▶ **PROVIDED ENTRIES**:
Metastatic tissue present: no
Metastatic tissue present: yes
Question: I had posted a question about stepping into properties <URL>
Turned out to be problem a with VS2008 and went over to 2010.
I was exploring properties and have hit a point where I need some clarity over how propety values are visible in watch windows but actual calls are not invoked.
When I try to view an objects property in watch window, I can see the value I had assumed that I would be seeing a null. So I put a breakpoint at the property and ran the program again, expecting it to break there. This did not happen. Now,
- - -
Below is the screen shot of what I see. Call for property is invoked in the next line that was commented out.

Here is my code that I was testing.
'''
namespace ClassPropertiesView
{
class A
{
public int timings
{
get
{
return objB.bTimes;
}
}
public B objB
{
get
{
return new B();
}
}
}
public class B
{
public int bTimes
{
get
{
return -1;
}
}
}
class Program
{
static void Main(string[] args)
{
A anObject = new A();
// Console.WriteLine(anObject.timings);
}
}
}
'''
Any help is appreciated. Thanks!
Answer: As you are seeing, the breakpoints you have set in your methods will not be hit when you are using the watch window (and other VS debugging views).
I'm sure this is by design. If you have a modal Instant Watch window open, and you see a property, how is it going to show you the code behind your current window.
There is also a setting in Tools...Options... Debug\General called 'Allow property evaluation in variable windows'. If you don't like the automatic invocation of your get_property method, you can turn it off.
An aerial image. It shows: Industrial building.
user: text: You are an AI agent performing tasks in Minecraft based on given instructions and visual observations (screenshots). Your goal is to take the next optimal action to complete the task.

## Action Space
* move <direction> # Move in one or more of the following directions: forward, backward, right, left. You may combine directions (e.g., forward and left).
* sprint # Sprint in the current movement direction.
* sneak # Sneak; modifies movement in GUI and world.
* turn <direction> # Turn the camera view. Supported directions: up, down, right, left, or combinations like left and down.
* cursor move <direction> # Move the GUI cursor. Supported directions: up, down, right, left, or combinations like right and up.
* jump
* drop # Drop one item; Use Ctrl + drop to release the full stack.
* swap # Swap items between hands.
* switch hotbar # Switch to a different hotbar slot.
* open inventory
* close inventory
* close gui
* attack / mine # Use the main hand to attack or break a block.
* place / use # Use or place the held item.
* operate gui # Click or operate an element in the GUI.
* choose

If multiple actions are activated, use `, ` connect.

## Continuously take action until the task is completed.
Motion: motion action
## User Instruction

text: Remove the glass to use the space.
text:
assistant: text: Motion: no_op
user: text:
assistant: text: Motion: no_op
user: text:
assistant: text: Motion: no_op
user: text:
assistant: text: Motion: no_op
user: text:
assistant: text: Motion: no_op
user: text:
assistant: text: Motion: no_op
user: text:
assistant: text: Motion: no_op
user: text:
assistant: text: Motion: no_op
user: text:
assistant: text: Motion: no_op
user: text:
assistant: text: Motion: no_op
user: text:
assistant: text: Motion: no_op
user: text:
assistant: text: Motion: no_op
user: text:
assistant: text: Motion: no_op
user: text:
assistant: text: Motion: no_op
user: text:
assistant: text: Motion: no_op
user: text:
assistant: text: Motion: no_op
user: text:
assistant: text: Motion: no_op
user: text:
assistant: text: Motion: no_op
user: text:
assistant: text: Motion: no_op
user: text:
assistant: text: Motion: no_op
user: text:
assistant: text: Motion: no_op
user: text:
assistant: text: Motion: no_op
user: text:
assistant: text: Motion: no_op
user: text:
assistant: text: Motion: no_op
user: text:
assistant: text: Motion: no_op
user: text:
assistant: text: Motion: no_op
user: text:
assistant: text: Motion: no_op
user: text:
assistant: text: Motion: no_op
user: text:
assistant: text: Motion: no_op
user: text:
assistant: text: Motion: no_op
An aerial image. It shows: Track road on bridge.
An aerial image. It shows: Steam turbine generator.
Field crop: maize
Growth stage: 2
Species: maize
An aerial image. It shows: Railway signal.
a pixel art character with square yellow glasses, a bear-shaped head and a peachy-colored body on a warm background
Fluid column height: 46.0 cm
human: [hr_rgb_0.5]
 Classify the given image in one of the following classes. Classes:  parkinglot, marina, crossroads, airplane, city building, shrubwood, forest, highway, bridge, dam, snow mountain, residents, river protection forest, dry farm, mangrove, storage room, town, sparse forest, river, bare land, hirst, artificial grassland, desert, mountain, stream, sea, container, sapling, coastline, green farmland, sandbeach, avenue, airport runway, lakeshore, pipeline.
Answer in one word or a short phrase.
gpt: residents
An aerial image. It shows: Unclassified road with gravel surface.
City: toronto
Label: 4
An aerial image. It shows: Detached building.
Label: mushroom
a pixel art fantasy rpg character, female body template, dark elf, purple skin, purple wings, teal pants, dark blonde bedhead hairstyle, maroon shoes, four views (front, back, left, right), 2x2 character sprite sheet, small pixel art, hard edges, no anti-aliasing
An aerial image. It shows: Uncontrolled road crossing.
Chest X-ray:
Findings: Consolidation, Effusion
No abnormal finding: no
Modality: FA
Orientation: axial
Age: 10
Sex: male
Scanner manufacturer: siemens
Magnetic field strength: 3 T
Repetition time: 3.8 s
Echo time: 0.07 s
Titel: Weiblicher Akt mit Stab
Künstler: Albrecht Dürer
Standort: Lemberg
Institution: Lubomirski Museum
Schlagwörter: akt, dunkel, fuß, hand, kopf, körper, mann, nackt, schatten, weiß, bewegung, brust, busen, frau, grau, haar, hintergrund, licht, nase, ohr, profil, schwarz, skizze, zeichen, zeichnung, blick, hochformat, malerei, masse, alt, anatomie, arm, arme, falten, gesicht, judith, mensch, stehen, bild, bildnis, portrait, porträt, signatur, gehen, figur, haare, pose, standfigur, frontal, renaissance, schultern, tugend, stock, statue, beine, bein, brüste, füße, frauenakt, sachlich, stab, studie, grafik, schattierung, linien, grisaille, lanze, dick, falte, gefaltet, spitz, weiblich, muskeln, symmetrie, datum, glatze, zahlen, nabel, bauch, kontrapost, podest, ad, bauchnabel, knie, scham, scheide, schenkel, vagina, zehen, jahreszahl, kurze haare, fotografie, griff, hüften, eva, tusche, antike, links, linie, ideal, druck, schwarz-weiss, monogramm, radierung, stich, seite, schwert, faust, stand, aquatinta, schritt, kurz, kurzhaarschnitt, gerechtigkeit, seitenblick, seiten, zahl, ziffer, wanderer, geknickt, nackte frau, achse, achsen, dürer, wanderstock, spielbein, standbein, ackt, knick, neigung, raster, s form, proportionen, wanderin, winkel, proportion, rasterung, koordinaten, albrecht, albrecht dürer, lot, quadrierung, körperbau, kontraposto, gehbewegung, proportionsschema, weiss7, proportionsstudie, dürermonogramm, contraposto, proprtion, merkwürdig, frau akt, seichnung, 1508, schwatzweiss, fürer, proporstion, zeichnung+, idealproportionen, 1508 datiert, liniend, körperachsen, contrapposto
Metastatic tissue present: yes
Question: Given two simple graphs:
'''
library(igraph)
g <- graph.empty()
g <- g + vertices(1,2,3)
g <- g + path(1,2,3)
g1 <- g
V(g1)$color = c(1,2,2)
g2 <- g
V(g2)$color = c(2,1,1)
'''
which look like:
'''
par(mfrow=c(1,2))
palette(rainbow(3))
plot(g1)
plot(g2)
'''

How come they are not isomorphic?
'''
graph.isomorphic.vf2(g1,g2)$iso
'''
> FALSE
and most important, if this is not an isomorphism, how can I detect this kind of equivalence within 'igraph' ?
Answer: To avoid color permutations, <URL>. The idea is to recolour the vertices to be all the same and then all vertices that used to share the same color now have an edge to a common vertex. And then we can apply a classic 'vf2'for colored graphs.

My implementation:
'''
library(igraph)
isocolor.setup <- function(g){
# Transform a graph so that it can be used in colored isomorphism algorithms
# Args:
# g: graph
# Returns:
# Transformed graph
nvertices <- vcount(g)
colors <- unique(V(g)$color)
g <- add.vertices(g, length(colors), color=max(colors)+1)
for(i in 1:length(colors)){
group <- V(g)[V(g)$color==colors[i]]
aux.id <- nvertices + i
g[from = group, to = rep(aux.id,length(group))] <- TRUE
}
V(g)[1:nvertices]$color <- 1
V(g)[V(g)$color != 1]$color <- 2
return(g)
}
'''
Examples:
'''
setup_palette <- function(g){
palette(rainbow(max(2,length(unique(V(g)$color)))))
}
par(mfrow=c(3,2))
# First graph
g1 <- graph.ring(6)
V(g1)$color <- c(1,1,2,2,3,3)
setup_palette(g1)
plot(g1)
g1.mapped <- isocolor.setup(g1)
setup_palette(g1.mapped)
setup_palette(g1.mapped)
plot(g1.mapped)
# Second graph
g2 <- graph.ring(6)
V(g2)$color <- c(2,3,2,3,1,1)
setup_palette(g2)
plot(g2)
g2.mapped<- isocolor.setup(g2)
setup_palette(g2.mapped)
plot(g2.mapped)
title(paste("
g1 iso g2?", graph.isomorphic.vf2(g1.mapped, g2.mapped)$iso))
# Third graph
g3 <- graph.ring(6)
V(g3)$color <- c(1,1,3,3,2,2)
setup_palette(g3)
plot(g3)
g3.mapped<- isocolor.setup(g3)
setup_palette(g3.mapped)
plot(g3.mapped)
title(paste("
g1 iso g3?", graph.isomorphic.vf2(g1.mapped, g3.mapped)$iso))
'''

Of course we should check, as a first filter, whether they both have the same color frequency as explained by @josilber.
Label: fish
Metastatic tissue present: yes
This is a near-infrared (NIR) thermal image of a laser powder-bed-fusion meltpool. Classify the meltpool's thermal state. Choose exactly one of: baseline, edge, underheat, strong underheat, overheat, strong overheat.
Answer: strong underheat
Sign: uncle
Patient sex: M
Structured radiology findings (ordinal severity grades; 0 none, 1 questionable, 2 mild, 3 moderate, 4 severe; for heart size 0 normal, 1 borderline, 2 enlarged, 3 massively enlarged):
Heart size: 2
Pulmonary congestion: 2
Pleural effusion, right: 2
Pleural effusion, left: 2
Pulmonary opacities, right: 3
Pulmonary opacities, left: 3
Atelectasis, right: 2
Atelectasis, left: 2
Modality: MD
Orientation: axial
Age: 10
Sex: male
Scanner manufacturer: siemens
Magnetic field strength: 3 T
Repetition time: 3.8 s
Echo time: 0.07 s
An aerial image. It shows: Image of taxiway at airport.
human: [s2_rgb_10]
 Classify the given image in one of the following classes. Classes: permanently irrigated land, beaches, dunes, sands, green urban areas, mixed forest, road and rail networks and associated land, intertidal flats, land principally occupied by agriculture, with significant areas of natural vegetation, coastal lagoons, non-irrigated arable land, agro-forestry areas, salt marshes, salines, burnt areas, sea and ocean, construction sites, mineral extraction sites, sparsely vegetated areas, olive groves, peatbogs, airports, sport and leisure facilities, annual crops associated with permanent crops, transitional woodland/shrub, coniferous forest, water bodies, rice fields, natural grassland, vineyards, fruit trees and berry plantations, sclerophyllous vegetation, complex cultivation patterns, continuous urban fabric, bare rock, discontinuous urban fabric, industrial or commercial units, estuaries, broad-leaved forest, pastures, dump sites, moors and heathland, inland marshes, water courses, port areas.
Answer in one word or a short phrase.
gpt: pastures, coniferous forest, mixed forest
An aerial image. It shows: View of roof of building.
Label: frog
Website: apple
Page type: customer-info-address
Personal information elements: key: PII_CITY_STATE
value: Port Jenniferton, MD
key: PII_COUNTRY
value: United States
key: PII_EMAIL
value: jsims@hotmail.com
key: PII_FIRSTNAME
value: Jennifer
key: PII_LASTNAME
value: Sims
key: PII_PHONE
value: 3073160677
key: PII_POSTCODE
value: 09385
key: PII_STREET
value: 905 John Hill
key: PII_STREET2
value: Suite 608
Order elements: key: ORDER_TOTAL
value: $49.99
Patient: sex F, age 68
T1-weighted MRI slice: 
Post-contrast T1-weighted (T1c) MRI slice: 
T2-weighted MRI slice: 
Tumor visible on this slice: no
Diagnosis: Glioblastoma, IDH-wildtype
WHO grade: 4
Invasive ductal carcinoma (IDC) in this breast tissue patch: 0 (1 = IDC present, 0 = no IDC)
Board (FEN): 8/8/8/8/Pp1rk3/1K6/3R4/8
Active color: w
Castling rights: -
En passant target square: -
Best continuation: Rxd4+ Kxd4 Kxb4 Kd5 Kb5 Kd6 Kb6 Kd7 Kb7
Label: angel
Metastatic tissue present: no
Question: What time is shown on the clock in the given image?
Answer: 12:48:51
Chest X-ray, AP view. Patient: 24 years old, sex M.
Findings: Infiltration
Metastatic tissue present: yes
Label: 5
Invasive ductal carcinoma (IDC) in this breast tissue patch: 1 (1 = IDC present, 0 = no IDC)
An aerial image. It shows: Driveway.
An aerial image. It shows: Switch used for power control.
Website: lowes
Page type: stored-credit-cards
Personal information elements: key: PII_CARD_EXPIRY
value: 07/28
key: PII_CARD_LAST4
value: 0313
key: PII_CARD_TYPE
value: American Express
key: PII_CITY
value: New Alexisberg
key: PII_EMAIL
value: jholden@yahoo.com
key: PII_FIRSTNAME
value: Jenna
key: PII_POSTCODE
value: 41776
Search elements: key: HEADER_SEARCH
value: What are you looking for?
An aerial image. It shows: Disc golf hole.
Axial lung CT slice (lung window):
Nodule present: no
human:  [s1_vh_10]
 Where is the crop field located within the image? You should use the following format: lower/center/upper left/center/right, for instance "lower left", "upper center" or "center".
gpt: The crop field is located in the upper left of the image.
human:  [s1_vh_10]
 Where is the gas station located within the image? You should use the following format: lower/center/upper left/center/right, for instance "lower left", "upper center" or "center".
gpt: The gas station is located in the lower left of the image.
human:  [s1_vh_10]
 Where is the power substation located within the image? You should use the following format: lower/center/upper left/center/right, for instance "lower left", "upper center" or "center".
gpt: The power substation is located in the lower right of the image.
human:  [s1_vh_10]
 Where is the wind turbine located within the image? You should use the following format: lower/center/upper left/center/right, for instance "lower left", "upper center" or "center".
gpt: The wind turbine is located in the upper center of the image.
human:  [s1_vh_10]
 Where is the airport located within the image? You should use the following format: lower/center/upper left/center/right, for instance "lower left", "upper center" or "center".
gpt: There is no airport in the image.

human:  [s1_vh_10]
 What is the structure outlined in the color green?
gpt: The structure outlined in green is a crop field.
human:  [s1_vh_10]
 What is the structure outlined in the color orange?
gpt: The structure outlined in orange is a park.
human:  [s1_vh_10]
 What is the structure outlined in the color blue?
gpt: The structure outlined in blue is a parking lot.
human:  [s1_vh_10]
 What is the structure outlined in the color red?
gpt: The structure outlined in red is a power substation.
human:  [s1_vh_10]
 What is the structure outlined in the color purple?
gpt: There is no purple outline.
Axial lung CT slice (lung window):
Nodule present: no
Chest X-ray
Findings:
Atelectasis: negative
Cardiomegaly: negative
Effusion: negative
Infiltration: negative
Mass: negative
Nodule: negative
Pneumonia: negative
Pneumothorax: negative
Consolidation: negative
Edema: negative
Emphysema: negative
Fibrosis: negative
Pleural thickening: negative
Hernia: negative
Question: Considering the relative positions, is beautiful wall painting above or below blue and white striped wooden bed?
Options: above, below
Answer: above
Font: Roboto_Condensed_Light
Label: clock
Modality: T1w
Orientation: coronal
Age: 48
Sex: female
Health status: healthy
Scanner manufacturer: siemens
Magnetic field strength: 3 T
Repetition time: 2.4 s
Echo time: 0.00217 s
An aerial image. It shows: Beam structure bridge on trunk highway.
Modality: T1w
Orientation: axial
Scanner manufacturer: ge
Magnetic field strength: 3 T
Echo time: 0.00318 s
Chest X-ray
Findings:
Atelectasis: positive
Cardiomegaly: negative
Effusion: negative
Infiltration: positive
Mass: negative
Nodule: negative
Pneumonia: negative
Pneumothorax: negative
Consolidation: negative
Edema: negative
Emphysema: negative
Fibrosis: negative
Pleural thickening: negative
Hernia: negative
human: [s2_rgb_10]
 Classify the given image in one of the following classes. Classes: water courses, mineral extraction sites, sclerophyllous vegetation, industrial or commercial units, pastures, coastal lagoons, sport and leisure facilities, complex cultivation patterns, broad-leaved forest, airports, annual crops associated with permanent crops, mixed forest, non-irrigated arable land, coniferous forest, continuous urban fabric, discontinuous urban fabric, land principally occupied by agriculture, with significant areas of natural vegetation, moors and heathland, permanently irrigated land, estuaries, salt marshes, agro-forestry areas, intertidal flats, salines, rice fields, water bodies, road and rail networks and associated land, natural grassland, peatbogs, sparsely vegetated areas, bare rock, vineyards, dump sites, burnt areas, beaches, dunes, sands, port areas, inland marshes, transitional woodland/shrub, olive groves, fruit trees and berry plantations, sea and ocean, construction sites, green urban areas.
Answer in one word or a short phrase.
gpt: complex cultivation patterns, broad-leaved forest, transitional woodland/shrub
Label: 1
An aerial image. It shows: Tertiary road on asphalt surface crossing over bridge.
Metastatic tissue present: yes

▶ **EXERCISE PROMPT**:
Only one stretch of the records above is wanted: the lines between the one holding "An aerial image. It shows: Railway signal." and the one holding "human: [hr_rgb_0.5]", inclusive, reproduced exactly.

▶ **TASK OUTPUT**:
An aerial image. It shows: Railway signal.
a pixel art character with square yellow glasses, a bear-shaped head and a peachy-colored body on a warm background
Fluid column height: 46.0 cm
human: [hr_rgb_0.5]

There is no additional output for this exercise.